To confirm whether the reduced virus titer in BG-treated groups was associated with decreased virus-mediated lung pathology, we examined lungs from each group at 5 dpi (Figure 4B). Typically, influenza A virus replication is accompanied by infiltration of immune cells into lung tissues of the infected host [30,31]. PBS-treated mice showed induction of widespread inflammatory processes in the lung. By contrast, minimal histological alterations were observed in the lung tissue of Tamiflu-treated mice. RG-treated mice showed modest alleviation of infection-induced inflammation and disruption of the membrane barrier of the lung alveolar septum. Interestingly, BG-treated mice showed considerably reduced lung inflammation and pneumonia compared with that of PBS- and RG-treated groups. Our results suggest that oral administration of BG improves antiviral activity and prevents histopathological alterations against lethal influenza A virus.
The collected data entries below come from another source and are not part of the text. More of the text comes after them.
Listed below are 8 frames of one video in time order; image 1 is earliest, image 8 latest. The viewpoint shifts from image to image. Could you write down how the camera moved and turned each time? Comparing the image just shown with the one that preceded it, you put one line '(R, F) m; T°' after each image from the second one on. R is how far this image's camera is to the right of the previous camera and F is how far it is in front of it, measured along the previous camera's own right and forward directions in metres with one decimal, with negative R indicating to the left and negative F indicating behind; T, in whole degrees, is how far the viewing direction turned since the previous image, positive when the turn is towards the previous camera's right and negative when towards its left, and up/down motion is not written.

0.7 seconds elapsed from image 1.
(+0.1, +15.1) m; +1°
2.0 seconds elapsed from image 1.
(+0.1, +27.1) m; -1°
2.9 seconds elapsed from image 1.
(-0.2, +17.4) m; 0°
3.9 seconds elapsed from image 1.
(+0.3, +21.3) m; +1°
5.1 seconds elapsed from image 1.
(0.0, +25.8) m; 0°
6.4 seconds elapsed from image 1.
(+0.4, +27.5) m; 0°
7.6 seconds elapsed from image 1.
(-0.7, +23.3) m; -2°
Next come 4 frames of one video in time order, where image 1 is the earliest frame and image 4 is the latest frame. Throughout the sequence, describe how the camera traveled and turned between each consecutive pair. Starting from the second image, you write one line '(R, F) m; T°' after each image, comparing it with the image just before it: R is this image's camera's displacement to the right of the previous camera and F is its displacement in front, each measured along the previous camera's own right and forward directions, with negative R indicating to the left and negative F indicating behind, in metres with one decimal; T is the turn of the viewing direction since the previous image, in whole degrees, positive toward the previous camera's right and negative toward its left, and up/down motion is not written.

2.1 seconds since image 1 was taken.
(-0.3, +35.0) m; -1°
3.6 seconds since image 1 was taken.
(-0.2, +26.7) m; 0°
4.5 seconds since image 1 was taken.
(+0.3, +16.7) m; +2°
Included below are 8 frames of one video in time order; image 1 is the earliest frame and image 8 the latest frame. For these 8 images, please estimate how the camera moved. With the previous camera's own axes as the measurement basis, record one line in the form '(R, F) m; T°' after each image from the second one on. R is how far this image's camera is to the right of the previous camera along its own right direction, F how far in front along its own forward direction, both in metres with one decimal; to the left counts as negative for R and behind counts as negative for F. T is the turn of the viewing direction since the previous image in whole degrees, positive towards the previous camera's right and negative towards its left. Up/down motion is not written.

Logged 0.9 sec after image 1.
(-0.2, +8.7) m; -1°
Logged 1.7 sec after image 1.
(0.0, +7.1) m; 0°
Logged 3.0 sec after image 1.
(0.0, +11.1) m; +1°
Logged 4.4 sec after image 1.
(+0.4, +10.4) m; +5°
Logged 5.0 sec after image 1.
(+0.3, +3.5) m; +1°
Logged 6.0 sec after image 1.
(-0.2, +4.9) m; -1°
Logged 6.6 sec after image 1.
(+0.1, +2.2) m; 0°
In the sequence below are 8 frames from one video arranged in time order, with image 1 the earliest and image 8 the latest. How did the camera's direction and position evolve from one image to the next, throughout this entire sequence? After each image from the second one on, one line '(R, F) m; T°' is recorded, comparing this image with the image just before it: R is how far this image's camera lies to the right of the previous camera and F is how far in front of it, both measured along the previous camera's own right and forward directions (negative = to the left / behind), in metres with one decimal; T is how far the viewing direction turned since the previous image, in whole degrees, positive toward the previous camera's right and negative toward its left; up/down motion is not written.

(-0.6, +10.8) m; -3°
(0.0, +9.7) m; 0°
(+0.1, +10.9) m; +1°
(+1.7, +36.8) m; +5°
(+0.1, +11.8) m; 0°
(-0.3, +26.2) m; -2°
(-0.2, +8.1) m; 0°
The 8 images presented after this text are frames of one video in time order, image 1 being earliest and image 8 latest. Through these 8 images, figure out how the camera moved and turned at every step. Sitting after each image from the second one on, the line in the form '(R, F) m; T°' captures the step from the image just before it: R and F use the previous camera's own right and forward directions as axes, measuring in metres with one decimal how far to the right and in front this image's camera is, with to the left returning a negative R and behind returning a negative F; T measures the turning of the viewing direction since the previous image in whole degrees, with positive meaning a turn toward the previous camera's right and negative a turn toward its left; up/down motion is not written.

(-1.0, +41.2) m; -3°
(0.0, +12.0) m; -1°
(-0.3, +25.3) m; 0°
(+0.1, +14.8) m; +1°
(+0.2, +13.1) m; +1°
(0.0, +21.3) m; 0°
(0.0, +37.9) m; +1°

3.4. BG Induces Cytokine Production in Infected Mice
Cytokines including GM-CSF, IL-2, IL-1β, TNF-α, IFN-γ, and IL-10 are key molecules that regulate innate and adaptive immune responses to viral infection [32,33]. To determine whether BG affected the production of these cytokines during influenza A virus infection, we measured them in local BALF at 1, 3, 5, and 7 dpi (Figure 5). BALF samples collected from lungs of uninfected mice were also used as a control.
At the early stage of infection (1 dpi), Tamiflu-, RG-, and BG-treated mice displayed higher levels of GM-CSF than PBS-treated mice (p < 0.05) (Figure 5A). In particular, BG-treated mice showed the highest levels of GM-CSF, elevated 2.6, 5.7. and 8.3-fold over RG-, Tamiflu-, and PBS-treated mice, respectively (p < 0.05). BG also induced higher levels of GM-CSF than Tamiflu at 3 dpi (p < 0.05). By contrast, no differences in the levels of GM-CSF were observed among the groups at the late stage of infection (5 and 7 dpi).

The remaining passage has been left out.